WORK REQUIRED:
Taking the line with "Answer in one word or a short phrase." as the first and the line with "An aerial image." as the last, set down the lines below exactly, pictures excluded.

EXTRACTED MATERIAL:
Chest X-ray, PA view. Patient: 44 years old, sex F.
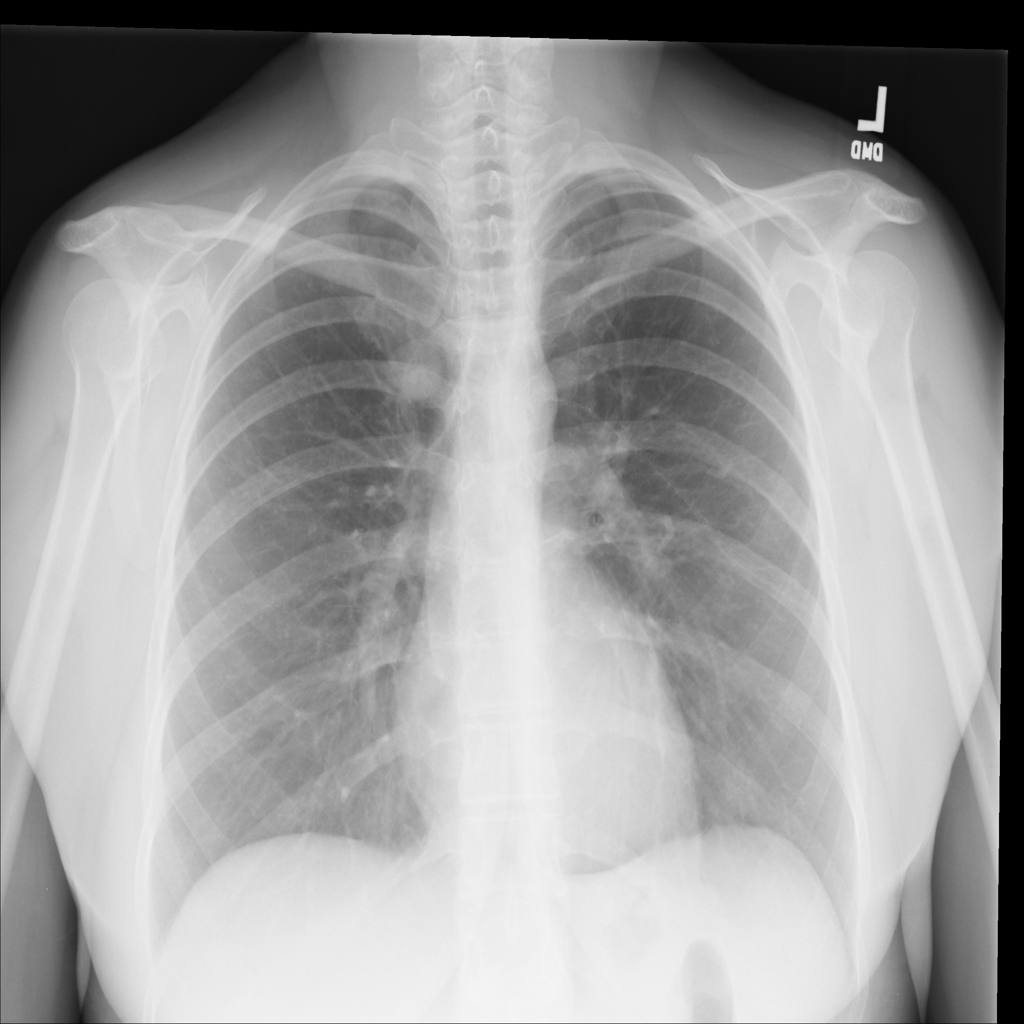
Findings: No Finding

* * *

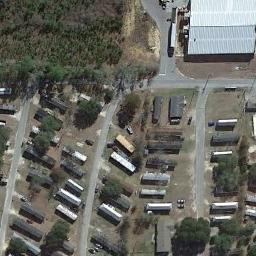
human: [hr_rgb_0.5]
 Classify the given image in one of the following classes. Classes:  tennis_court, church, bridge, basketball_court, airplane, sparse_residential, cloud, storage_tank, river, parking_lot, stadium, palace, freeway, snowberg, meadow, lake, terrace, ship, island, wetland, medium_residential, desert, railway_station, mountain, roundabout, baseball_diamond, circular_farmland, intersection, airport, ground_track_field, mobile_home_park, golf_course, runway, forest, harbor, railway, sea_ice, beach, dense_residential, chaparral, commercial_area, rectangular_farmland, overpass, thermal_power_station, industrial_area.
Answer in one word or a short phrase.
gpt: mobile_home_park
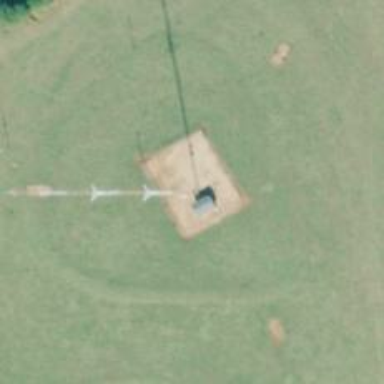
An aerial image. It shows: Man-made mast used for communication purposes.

* * *

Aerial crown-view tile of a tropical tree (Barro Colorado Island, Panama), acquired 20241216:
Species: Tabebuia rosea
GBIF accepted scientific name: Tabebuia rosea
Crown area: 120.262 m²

ANSWER TO THIS EXERCISE:
Answer in one word or a short phrase.
gpt: mobile_home_park
An aerial image. It shows: Man-made mast used for communication purposes.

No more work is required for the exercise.